Unless you consider that randomness, whatever source, is some form of intelligence. (I am only half-joking here).

Humans are great at finding "patterns" in random noise.

We are very good at finding patterns where there aren't any but it's important to remember that random is actually the best answer a lot of the times. Maybe it's as simple as random plays being the hardest to predict and that's the best until you can get an AI trained on the meta of how to plan for what the current player is thinking you'll do.

Sometimes being unpredictable makes for a good strategy

It is well known that tit-for-tat is the best strategy for iterated prisoners' dilemma. See https://en.wikipedia.org/wiki/Tit_for_tat

It may sound similar but offensive vs. defensive behavior in (video) game strategy is a much different concept than cooperation in game theory.
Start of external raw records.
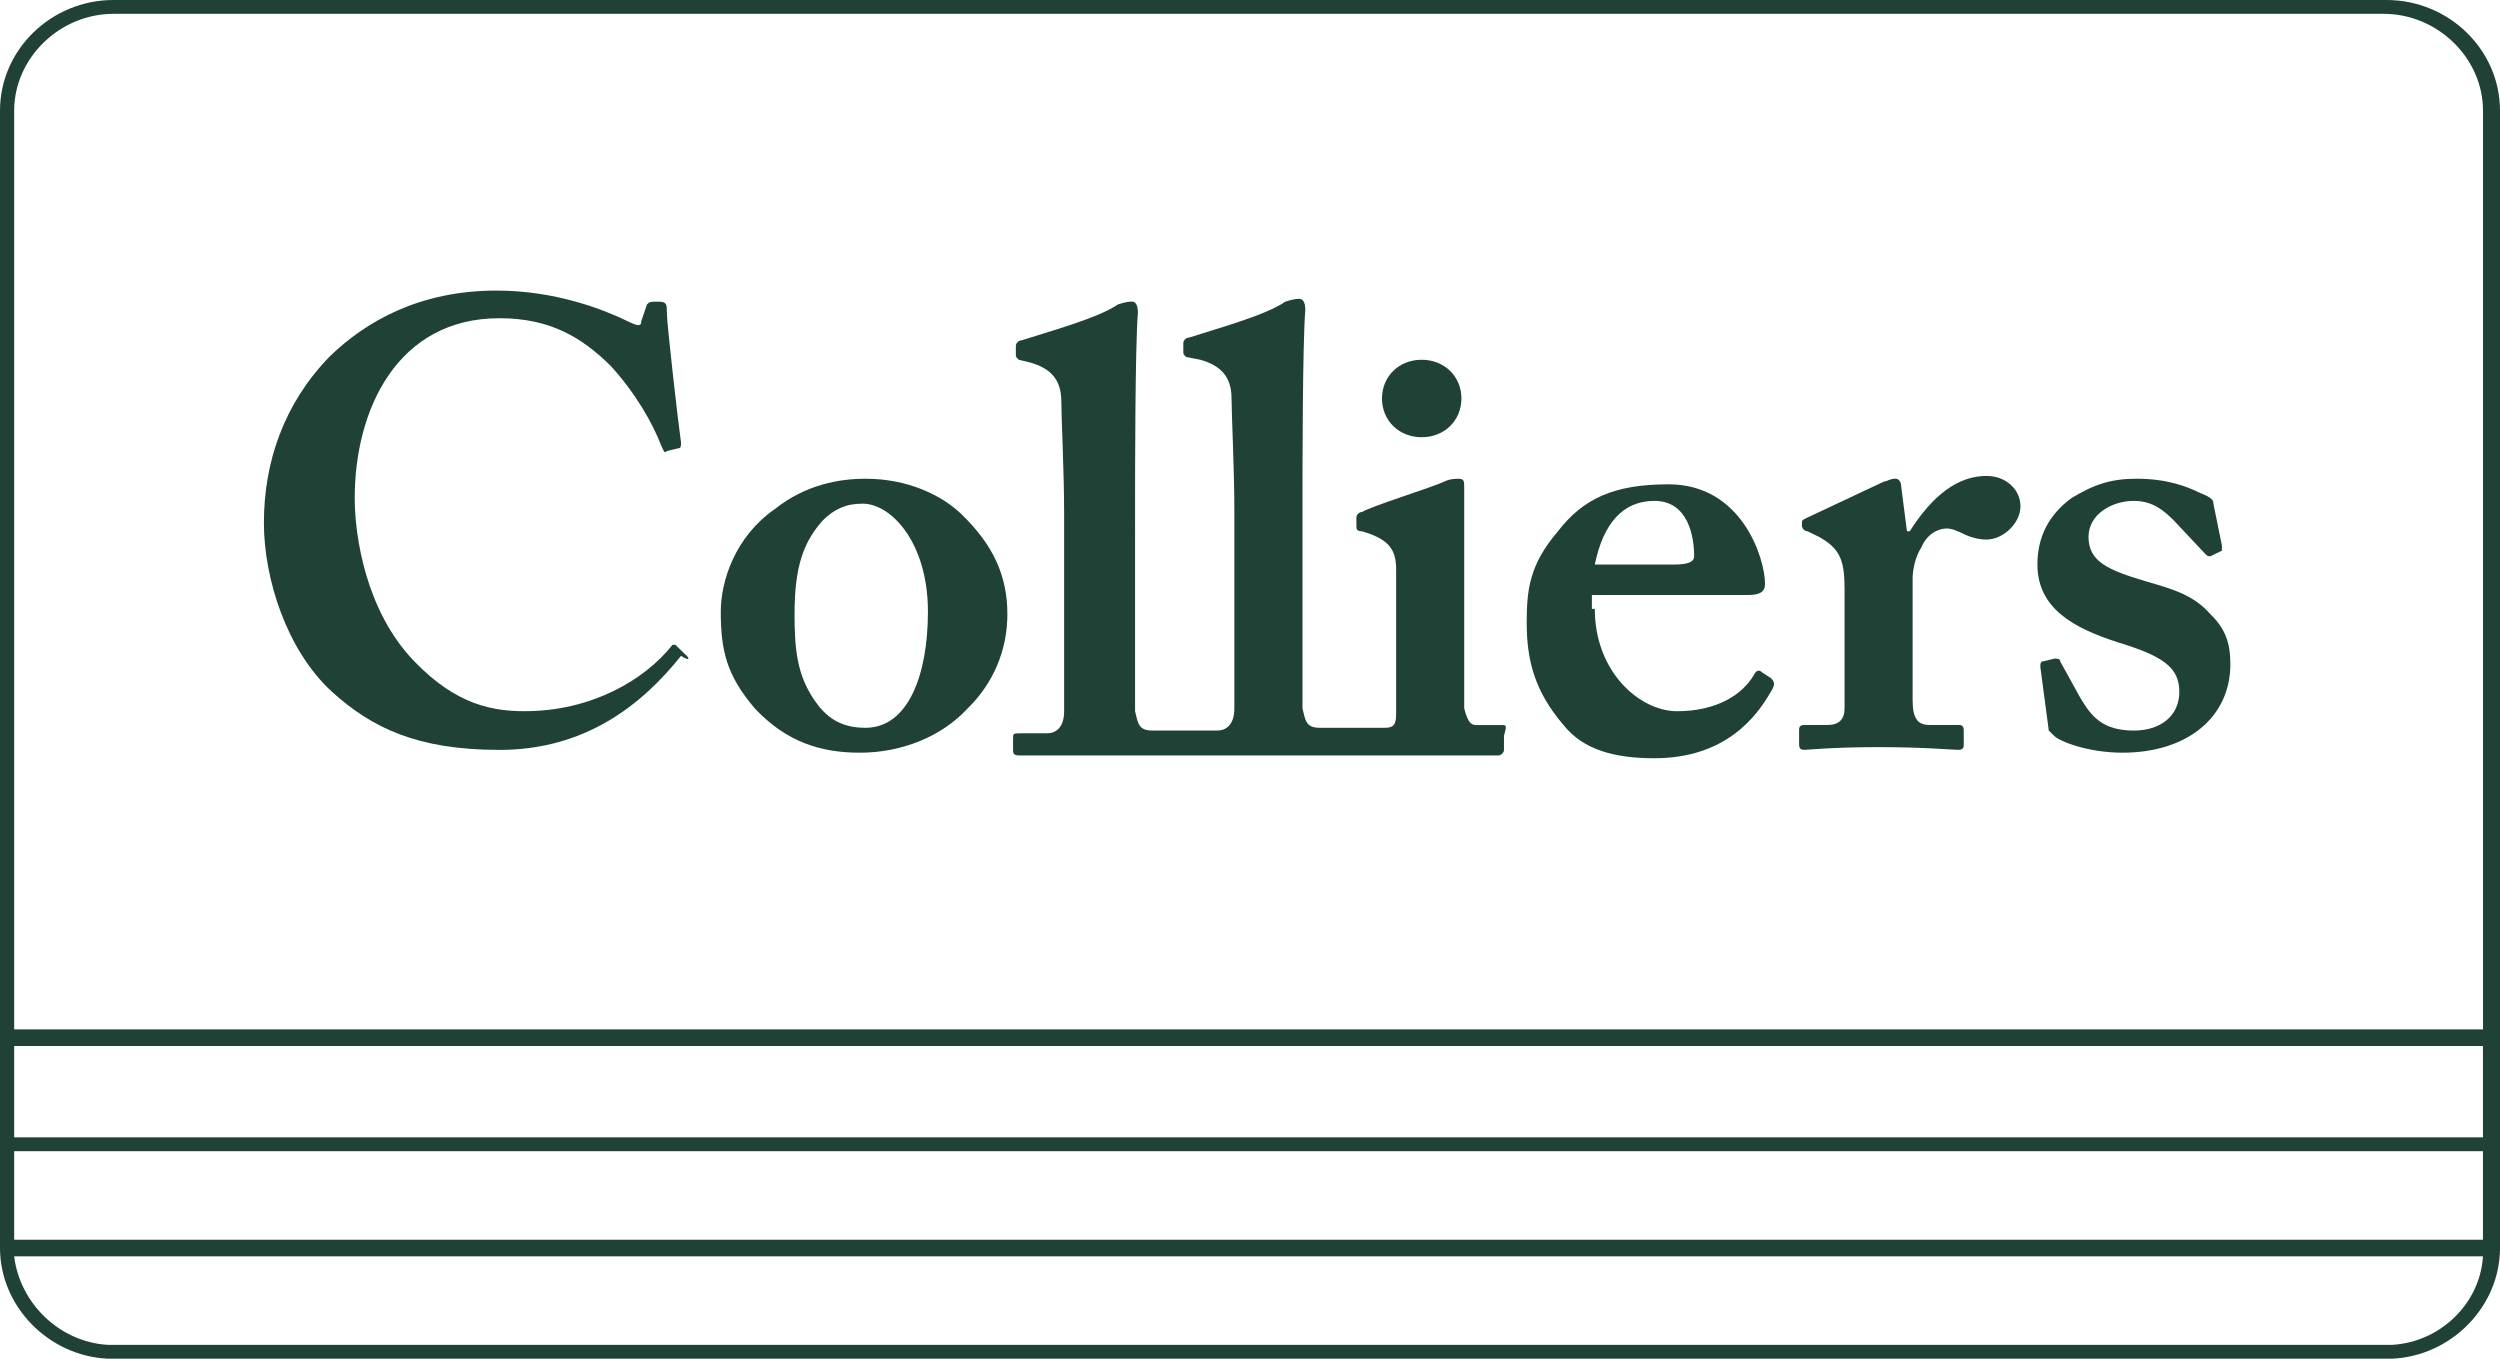 <?xml version="1.0" encoding="utf-8"?>
<!-- Generator: Adobe Illustrator 16.0.3, SVG Export Plug-In . SVG Version: 6.00 Build 0)  -->
<!DOCTYPE svg PUBLIC "-//W3C//DTD SVG 1.1//EN" "http://www.w3.org/Graphics/SVG/1.1/DTD/svg11.dtd">
<svg version="1.1" id="Layer_1" xmlns="http://www.w3.org/2000/svg" xmlns:xlink="http://www.w3.org/1999/xlink" x="0px" y="0px"
	 width="460px" height="250px" viewBox="0 0 460 250" enable-background="new 0 0 460 250" xml:space="preserve">
<path fill="#204135" d="M440.162,247.452H19.84c-8.879-0.511-16.188-7.64-17.232-16.291h454.256
	C456.353,239.816,449.039,246.941,440.162,247.452 M2.608,192.467h454.256v16.803H2.608V192.467z M2.608,211.816h454.256v16.291
	H2.608V211.816z M20.889,2.545H438.6c9.918,0,18.273,8.15,18.273,17.822v169.045H2.608V20.368
	C2.608,10.695,10.965,2.545,20.889,2.545 M439.111,0H20.889C9.397,0,0,9.164,0,20.368v209.266c0,10.698,8.879,19.86,19.84,20.366
	h420.322c10.961-0.506,19.838-9.668,19.838-20.366V20.368C460,9.164,450.603,0,439.111,0"/>
<path fill="#204135" d="M177.004,94.704c5.745,5.604,8.353,11.2,8.353,18.333c0,6.619-2.607,12.73-7.309,17.313
	c-4.696,5.092-12.005,8.146-19.84,8.146c-7.309,0-13.575-2.033-19.321-8.146c-5.22-6.108-6.264-10.692-6.264-17.817
	c0-5.604,2.612-13.75,9.921-18.846c5.741-4.581,12.008-5.6,16.709-5.6C167.08,88.086,173.352,91.145,177.004,94.704
	 M170.739,112.531c0-12.73-6.79-19.858-12.013-19.858c-3.126,0-5.22,1.018-7.309,3.055c-3.652,4.073-5.22,8.653-5.22,17.314
	c0,6.618,0.519,11.203,3.652,15.784c2.087,3.063,4.696,5.091,9.397,5.091C167.08,133.909,170.739,124.24,170.739,112.531"/>
<path fill="#204135" d="M293.443,112.022c0,11.711,8.351,18.842,15.134,18.842c7.313,0,12.013-3.06,14.104-6.619
	c0.521-1.027,1.042-1.027,1.556-0.512l1.581,1.021c0.521,0.506,1.032,1.02,0,2.546c-2.605,4.58-8.355,12.216-21.41,12.216
	c-7.309,0-13.055-1.526-16.715-6.099c-5.221-6.112-6.779-11.717-6.779-18.844c0-6.115,0.521-10.695,5.74-16.806
	c4.699-6.108,10.445-8.654,20.363-8.654c13.58,0,17.749,13.745,17.749,18.329c0,1.526-1.043,2.035-3.141,2.035h-28.719v2.549h0.534
	v-0.004H293.443z M308.065,103.873c2.608,0,3.655-0.508,3.655-1.527c0-3.564-1.047-10.183-7.313-10.183
	c-5.745,0-9.396,4.072-10.961,11.71H308.065z"/>
<path fill="#204135" d="M339.385,107.946c0-5.092-1.042-7.127-4.699-9.169l-2.084-1.019c-0.529,0-1.047-0.509-1.047-1.018v-0.51
	c0-0.508,0-0.508,1.047-1.017l14.093-6.623c0.524,0,1.047-0.51,2.094-0.51c0.517,0,1.042,0.51,1.042,1.526l1.047,8.146h0.521
	c4.178-6.618,8.877-10.181,14.102-10.181c3.656,0,6.267,2.551,6.267,5.595c0,3.055-3.136,6.113-6.267,6.113
	c-1.563,0-3.141-0.509-4.178-1.017c-1.047-0.511-2.095-1.02-3.137-1.02c-1.566,0-3.66,1.02-4.693,3.563
	c-1.047,1.529-1.572,4.075-1.572,5.602v22.403c0,3.563,1.042,4.586,3.136,4.586h5.221c0.521,0,1.051,0,1.051,1.012v2.553
	c0,0.506,0,1.008-1.051,1.008c-1.042,0-6.263-0.496-14.617-0.496c-8.355,0-13.056,0.496-13.576,0.496c-0.521,0-1.051,0-1.051-1.008
	v-2.553c0-0.51,0-1.012,1.051-1.012h4.178c2.095,0,3.136-1.025,3.136-3.06v-22.394h-0.012V107.946z"/>
<path fill="#204135" d="M375.421,122.709c0-0.506,0-1.018,0.521-1.018l2.093-0.509c0.517,0,1.038,0,1.038,0.509l3.651,6.62
	c2.099,3.568,4.179,6.112,9.929,6.112c4.688,0,8.342-2.544,8.342-7.129c0-4.581-3.127-6.618-11.491-9.169
	c-7.83-2.545-14.617-6.107-14.617-14.257c0-5.092,2.099-9.165,6.268-12.219c4.178-2.546,7.313-3.564,12.003-3.564
	c5.75,0,9.405,1.527,11.495,2.545c2.609,1.02,2.609,1.528,2.609,2.038l1.56,7.639v1.02l-2.08,1.019c-0.529,0-0.529,0-1.051-0.503
	l-5.741-6.115c-1.572-1.527-3.656-3.564-7.305-3.564c-4.178,0-8.359,2.546-8.359,6.618c0,4.584,3.646,6.115,10.443,8.146
	c5.221,1.522,8.867,2.546,12.013,6.11c2.604,2.551,3.647,5.089,3.647,9.166c0,9.677-7.835,16.291-19.847,16.291
	c-6.258,0-11.482-2.033-12.524-3.054c-0.529-0.506-1.042-1.014-1.042-1.014L375.421,122.709z"/>
<path fill="#204135" d="M276.211,133.407h-4.703c-1.051,0-1.563-1.025-2.094-3.06v-9.672v-12.223V89.617
	c0-1.021,0-1.526-1.037-1.526c-0.525,0-1.568,0-2.609,0.51c-2.094,1.021-13.58,4.581-15.14,5.6c-0.521,0-1.051,0.509-1.051,1.02
	v1.526c0,0.509,0,1.017,1.051,1.017c5.22,1.527,6.263,3.564,6.263,7.129v16.291v10.183c0,2.042-0.521,2.544-2.094,2.544h-5.74
	h-6.263c-2.61,0-2.61-1.527-3.136-3.565v-20.362V93.178c0-6.104,0-30.036,0.521-36.151c0-1.526-0.521-2.035-1.053-2.035
	c-0.518,0-1.042,0-2.609,0.504c-3.644,2.551-13.049,5.092-17.742,6.623c-0.53,0-1.045,0.504-1.045,1.019v1.526
	c0,0.509,0,0.509,0.515,1.02l2.61,0.509c3.656,1.022,5.75,3.054,5.75,7.126c0,3.055,0.519,12.729,0.519,20.879v36.146
	c0,3.056-1.563,4.075-3.129,4.075h-6.265h-5.745c-2.607,0-2.607-1.535-3.133-3.564v-20.362V93.686c0-6.107,0-30.036,0.525-36.148
	c0-1.526-0.525-2.042-1.045-2.042c-0.53,0-1.049,0-2.612,0.509c-3.651,2.546-13.052,5.091-17.753,6.618
	c-0.519,0-1.049,0.511-1.049,1.023v1.526c0,0.511,0,0.511,0.53,1.02l2.084,0.508c3.657,1.019,5.75,3.057,5.75,7.129
	c0,3.054,0.519,12.726,0.519,20.871v36.155c0,3.051-1.563,4.07-3.133,4.07h-4.701c-1.563,0-1.563,0-1.563,1.021v2.023
	c0,0.516,0,1.029,1.045,1.029h45.425h42.811c0.525,0,1.047-0.511,1.047-1.029v-2.544
	C277.249,133.407,277.249,133.407,276.211,133.407"/>
<path fill="#204135" d="M126.358,120.677l-2.089-2.036h-0.521c-5.22,6.619-15.143,12.218-27.148,12.218
	c-5.745,0-12.53-1.021-20.362-9.167c-8.88-9.166-10.968-22.915-10.968-30.042c0-16.291,7.834-33.097,26.629-33.097
	c9.398,0,15.144,3.569,20.363,8.66c4.697,5.092,7.835,10.691,9.4,14.765c0.519,1.016,0.519,1.526,1.042,1.016l2.089-0.504
	c0.521,0,0.521-0.508,0.521-1.022c-0.521-3.563-2.61-21.891-2.61-23.926c0-1.527,0-2.042-1.563-2.042c-1.567,0-1.567,0-2.093,0.511
	l-1.045,3.054c0,1.012-0.523,1.012-2.607,0c-4.183-2.038-13.055-5.6-24.022-5.6c-14.099,0-24.015,5.6-30.805,12.218
	c-8.354,8.654-12.01,19.35-12.01,30.549c0,10.187,4.175,23.425,12.534,31.06c7.311,6.618,15.664,10.688,30.807,10.688
	c15.662,0,26.104-8.142,33.416-17.309C126.882,121.691,126.882,121.183,126.358,120.677"/>
<path fill="#204135" d="M268.902,73.322c0,4.072-3.137,7.128-7.313,7.128s-7.304-3.056-7.304-7.128c0-4.073,3.131-7.126,7.304-7.126
	C265.758,66.196,268.902,69.245,268.902,73.322"/>
</svg>

I had a similar experience at one point. A team put energy into building a recommendation system, and were able to demonstrate that the "Recommended for you" content performed better than all other content editorial. After getting challenged a bit, though, turns anything performs better when put under the header "Recommended for you."

Well, that’s a good lesson to learn, just put everything under “recommended for you” header! :)

You aren’t talking about dcom are you?

> put energy put energy

And they say English doesn't have reduplication!

I worked at a larger services marketplace, helping data scientists get their models into production as A/B experiments. We had an interesting and related challenge in our search ranking algorithms: we wanted to rank order results by the predicted lifetime value of establishing a relationship between searcher and each potential service provider. In our case, a 1% increase in LTV from one of these experiments would be...big. Really big.

Improving performance of these ranking models was notoriously difficult. 50% of the experiments we'd run would show no statistically significant change, or would even decrease performance. Another 40% or so would improve one funnel KPI, but decrease another, leading to no net improvement in $$. Only 10% or so of experiments would actually show a marginal improvement to cohort LTV.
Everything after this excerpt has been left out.